Dataset records

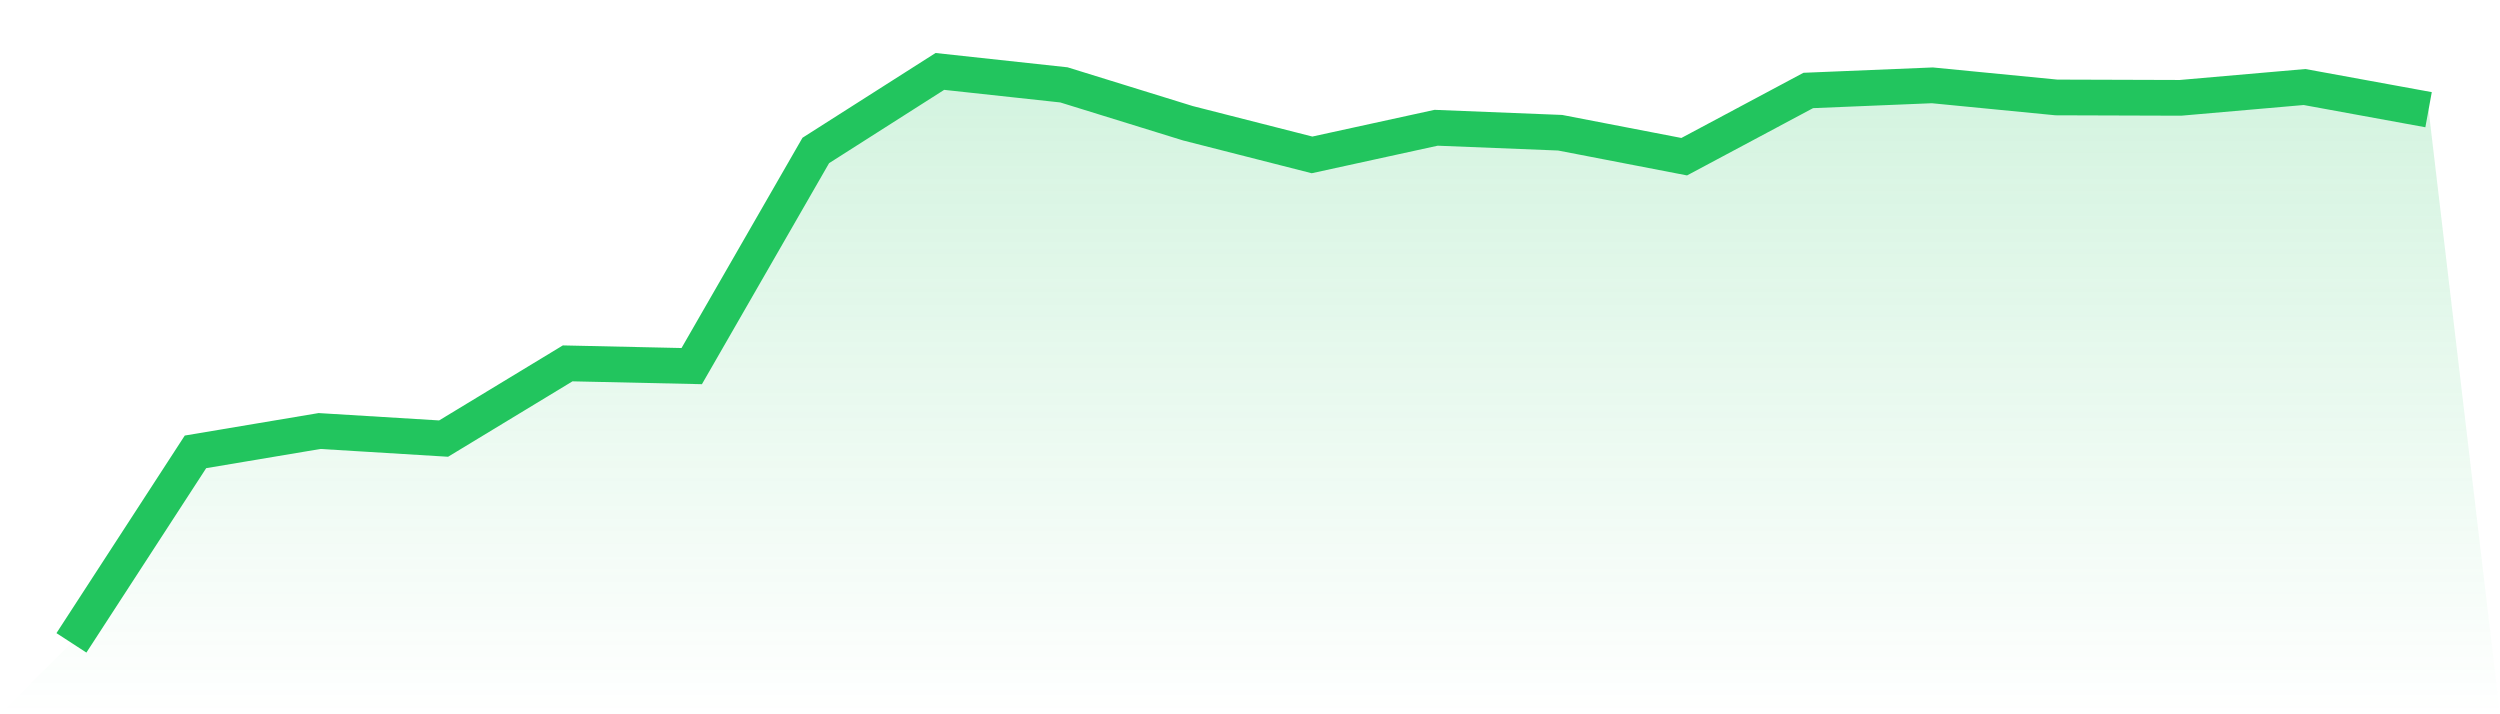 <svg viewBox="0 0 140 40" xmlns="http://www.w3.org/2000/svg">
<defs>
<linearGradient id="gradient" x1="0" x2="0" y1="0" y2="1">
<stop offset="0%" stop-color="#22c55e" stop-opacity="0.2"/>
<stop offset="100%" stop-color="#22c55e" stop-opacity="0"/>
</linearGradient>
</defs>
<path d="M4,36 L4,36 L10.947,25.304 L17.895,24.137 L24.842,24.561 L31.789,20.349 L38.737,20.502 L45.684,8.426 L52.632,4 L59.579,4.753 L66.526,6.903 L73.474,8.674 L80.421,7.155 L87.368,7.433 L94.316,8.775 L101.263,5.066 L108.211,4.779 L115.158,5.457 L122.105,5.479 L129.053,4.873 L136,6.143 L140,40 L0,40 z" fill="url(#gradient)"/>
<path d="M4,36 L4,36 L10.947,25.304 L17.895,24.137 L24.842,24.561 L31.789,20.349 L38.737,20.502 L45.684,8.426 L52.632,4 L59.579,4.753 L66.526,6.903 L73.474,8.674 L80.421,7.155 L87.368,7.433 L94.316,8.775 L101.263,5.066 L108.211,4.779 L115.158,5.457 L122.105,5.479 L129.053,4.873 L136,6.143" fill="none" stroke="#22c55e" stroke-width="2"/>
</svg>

* _ASSIGNMENT_
Pictures are to be left out; please print the rest of the records above word for word.

* _RESPONSE BELOW_
 <svg viewBox="0 0 140 40" xmlns="http://www.w3.org/2000/svg">
<defs>
<linearGradient id="gradient" x1="0" x2="0" y1="0" y2="1">
<stop offset="0%" stop-color="#22c55e" stop-opacity="0.2"/>
<stop offset="100%" stop-color="#22c55e" stop-opacity="0"/>
</linearGradient>
</defs>
<path d="M4,36 L4,36 L10.947,25.304 L17.895,24.137 L24.842,24.561 L31.789,20.349 L38.737,20.502 L45.684,8.426 L52.632,4 L59.579,4.753 L66.526,6.903 L73.474,8.674 L80.421,7.155 L87.368,7.433 L94.316,8.775 L101.263,5.066 L108.211,4.779 L115.158,5.457 L122.105,5.479 L129.053,4.873 L136,6.143 L140,40 L0,40 z" fill="url(#gradient)"/>
<path d="M4,36 L4,36 L10.947,25.304 L17.895,24.137 L24.842,24.561 L31.789,20.349 L38.737,20.502 L45.684,8.426 L52.632,4 L59.579,4.753 L66.526,6.903 L73.474,8.674 L80.421,7.155 L87.368,7.433 L94.316,8.775 L101.263,5.066 L108.211,4.779 L115.158,5.457 L122.105,5.479 L129.053,4.873 L136,6.143" fill="none" stroke="#22c55e" stroke-width="2"/>
</svg>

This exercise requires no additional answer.